Maximization of Net Output for Boundary Dam Unit 3 Carbon Dioxide Capture Demonstration Project
14 Pages Posted: 17 Apr 2019 Last revised: 2 May 2019
This paper presents the historical data during the design process of Boundary Dam Unit 3 Carbon Dioxide Capture Demonstration Project (BD3 ICCS) focusing net output improvement. BD3 ICCS is known as the first commercial CO2 capture and storage facility integrated to a coal-fired power plant. Without CO2 capture, pre-upgraded BD3 produced a 150 MW gross output and a net output of 139 MW. Initial models incorporating CCS calculated a net power output of 80.95 MW which indicated a reduction in net output of approximately 42% - an unfavorable value. This paper recounts the optimizing, retrofitting and upgrading options that were investigated in order to maximize the net output during the design process of BD3 ICCS. Several factors were taken into consideration including technology for CO2 compression, turbine refurbishment, steam extraction and optimization, flue gas cooler (FGC) installation for heat recovery, main steam temperature, boiler refurbishment and others.

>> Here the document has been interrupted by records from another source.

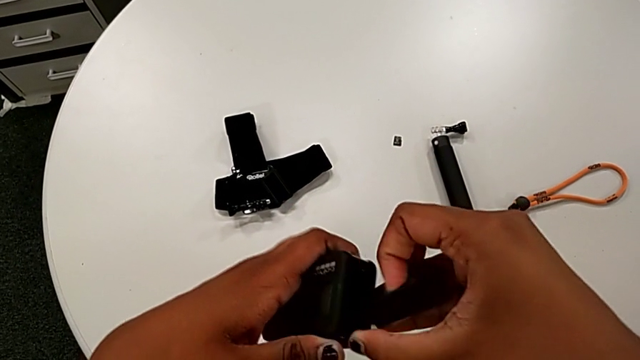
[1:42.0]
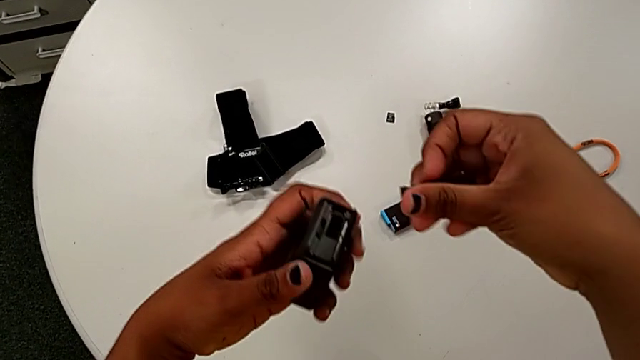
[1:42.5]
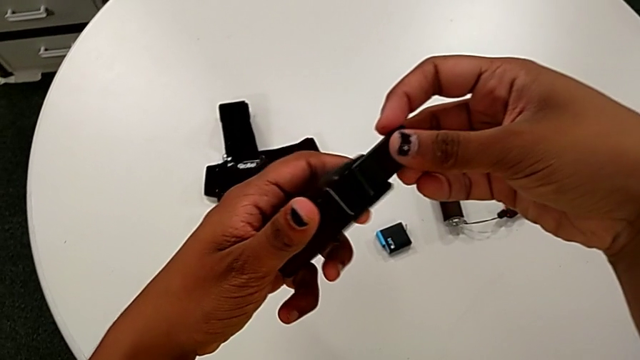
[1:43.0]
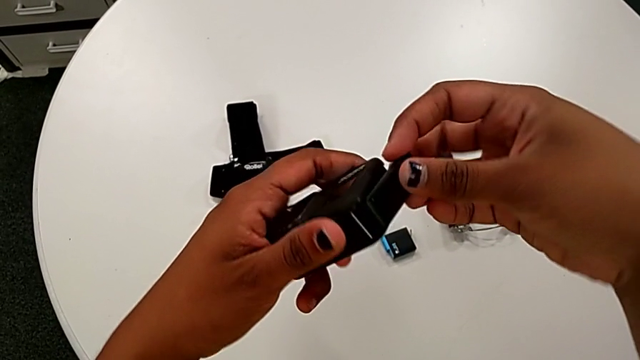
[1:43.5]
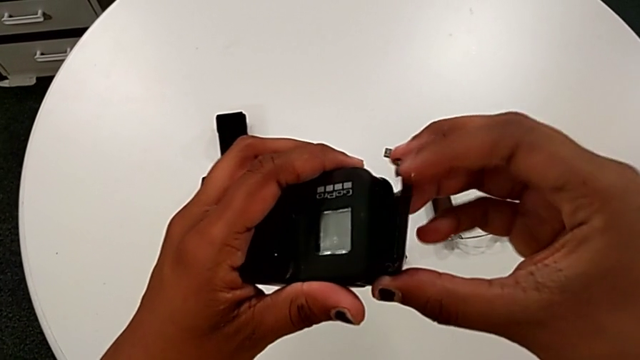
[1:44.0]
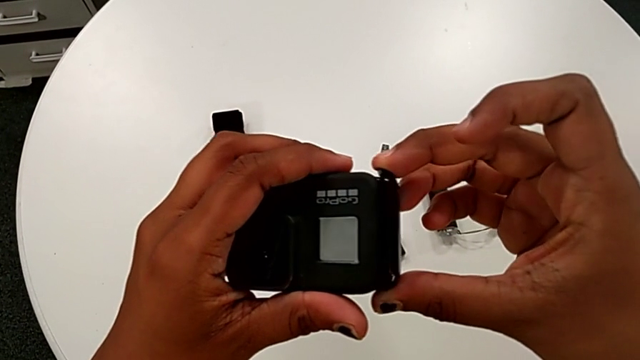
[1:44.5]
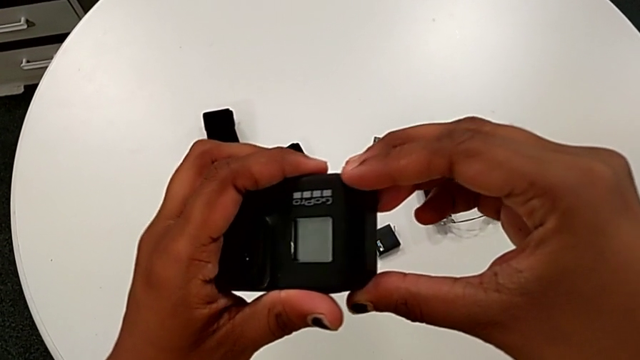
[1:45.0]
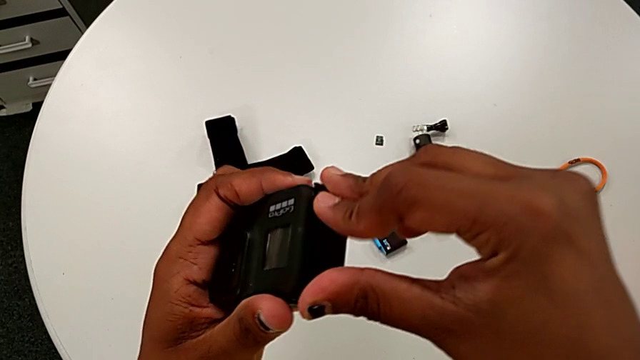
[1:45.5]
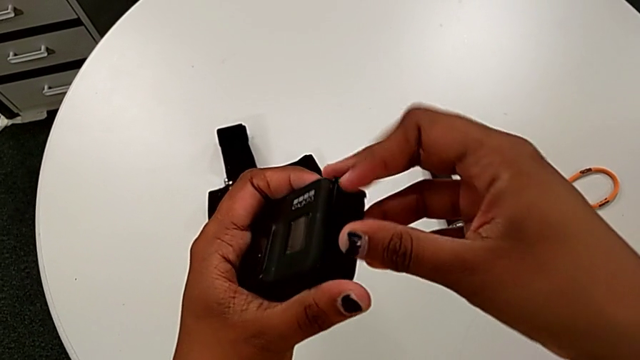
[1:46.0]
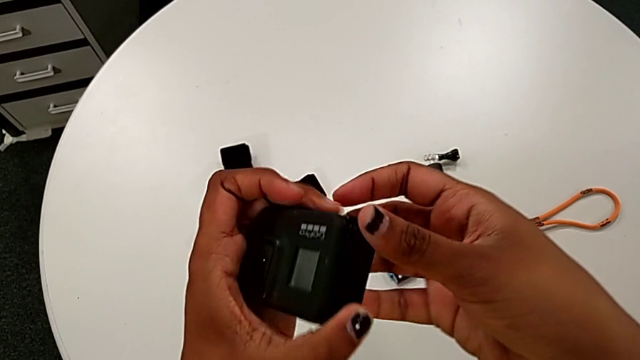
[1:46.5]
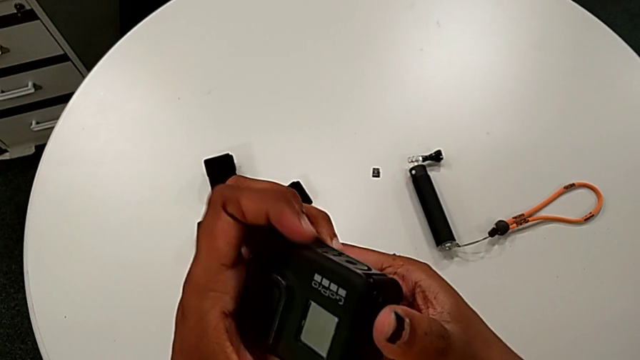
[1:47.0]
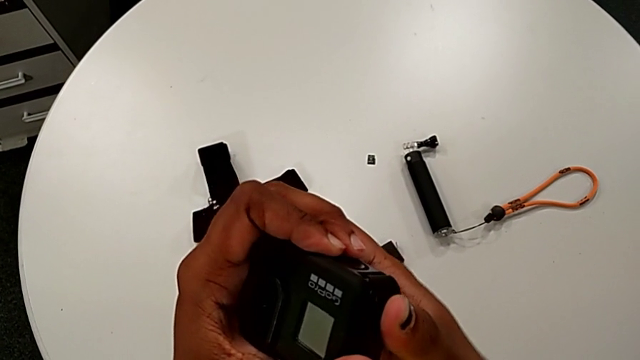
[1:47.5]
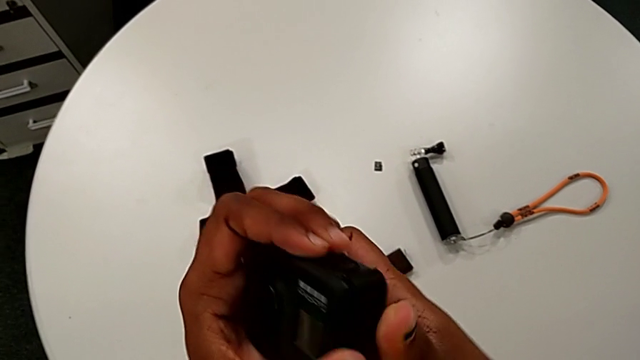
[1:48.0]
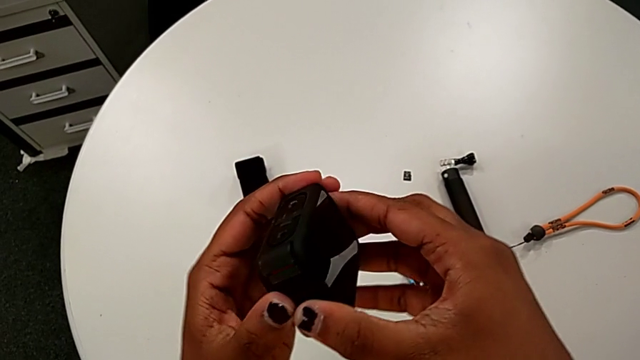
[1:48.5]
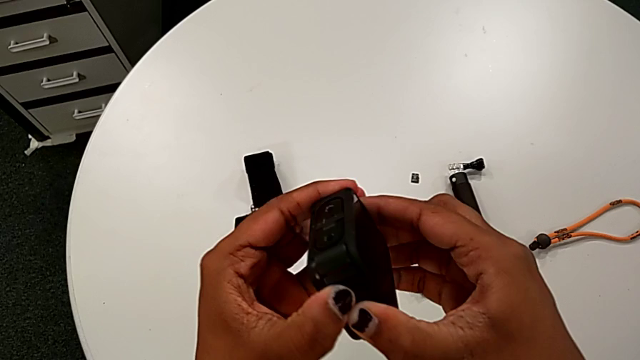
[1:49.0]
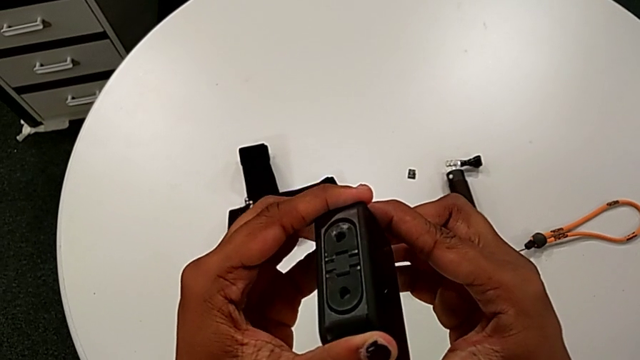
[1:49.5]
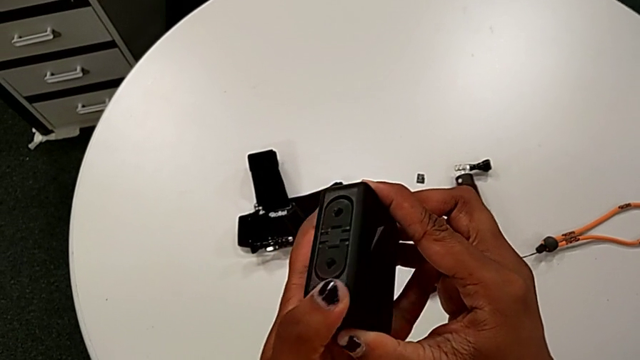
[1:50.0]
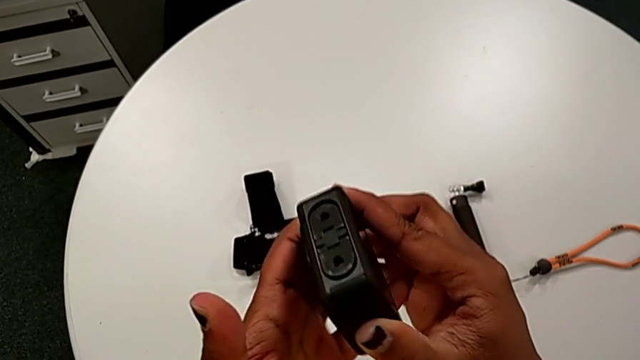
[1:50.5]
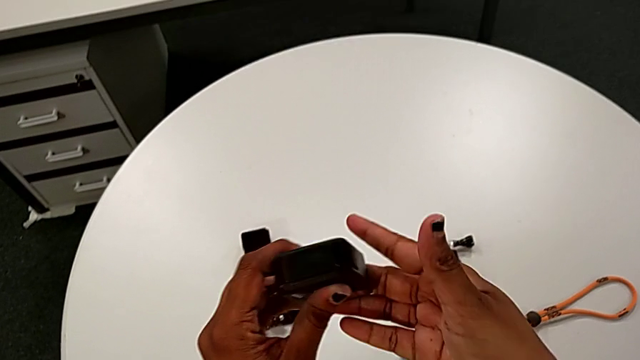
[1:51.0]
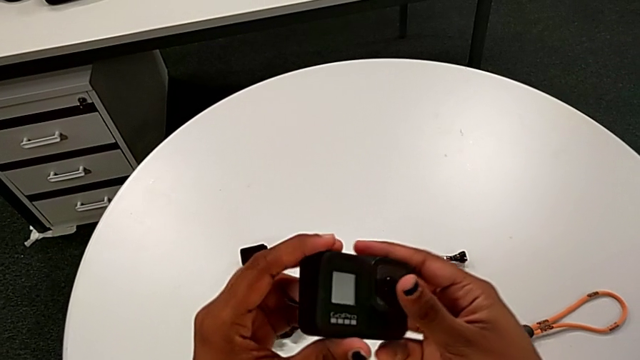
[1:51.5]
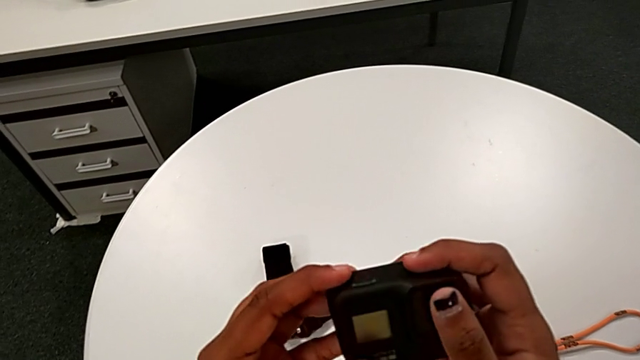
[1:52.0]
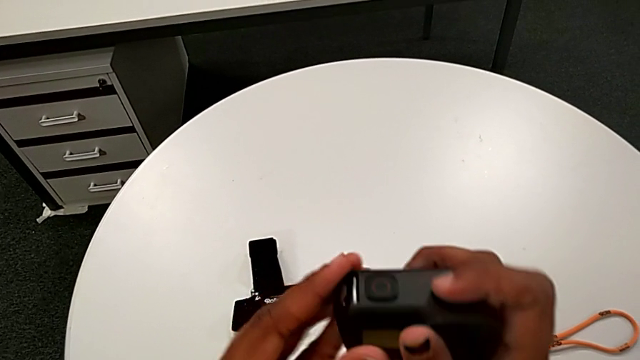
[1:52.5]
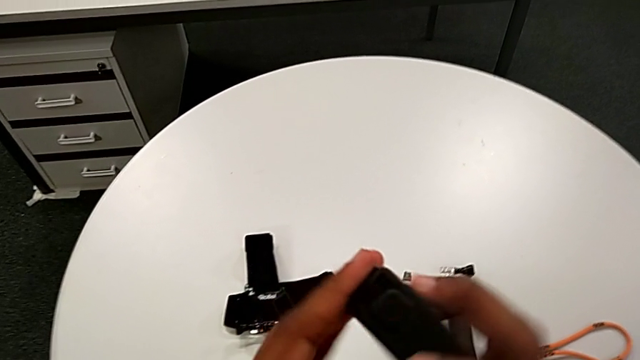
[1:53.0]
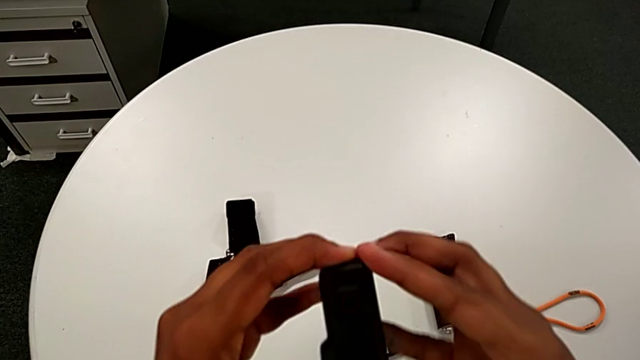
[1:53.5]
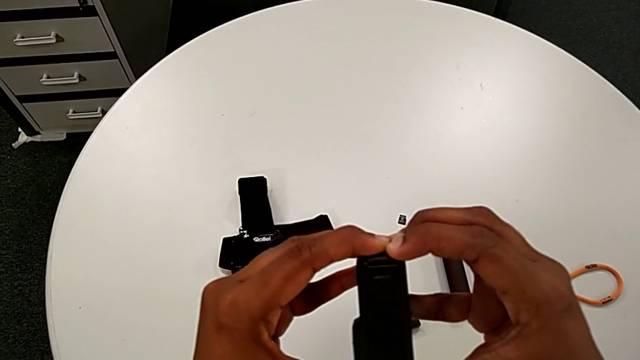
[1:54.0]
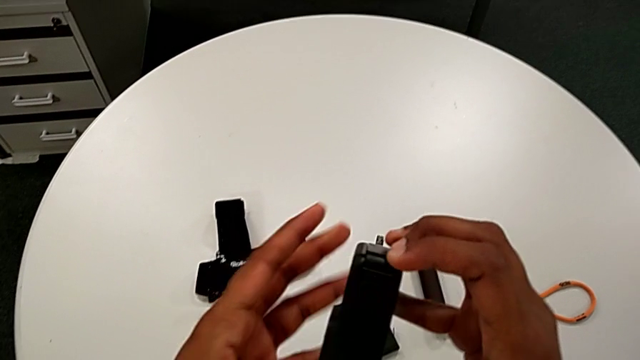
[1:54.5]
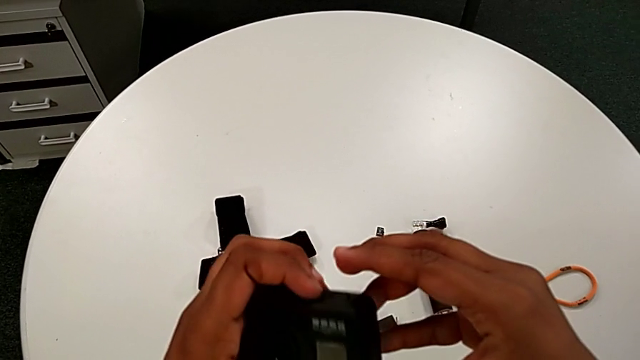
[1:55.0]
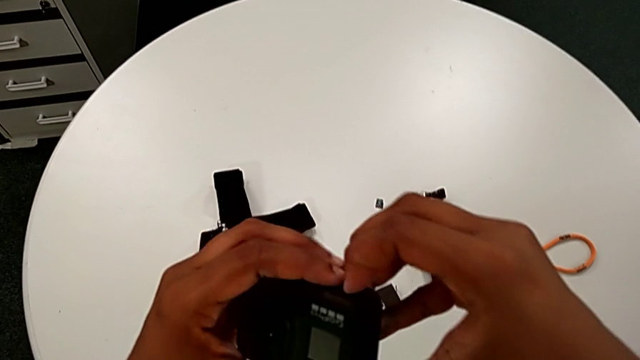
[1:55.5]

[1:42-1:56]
The camera wearer is closing the left battery door of the GoPro. They withdraw the battery door, insert it and rotate the GoPro.

The final integrated model produced a net output of 110.88 MW – a 29.93 MW increase when compared to the initial cases. Selecting optimum technology for CO2 compression accounted for 24% of the 29.93 MW improvement. Turbine refurbishment and corrected turbine degradation was responsible for 20 % of the net output increase. Recovering heat via flue gas cooling and condensate preheating increased the net output by another 13 %. Furthermore, boiler refurbishments and increases to the main steam temperature increased the net output by 5% and 7% respectively. This paper presents the analysis of each aspect in detail; including the design criteria and decision making steps during the engineering design process. However, it should be noted that the data presented here was design data and might be slightly different from the current operation.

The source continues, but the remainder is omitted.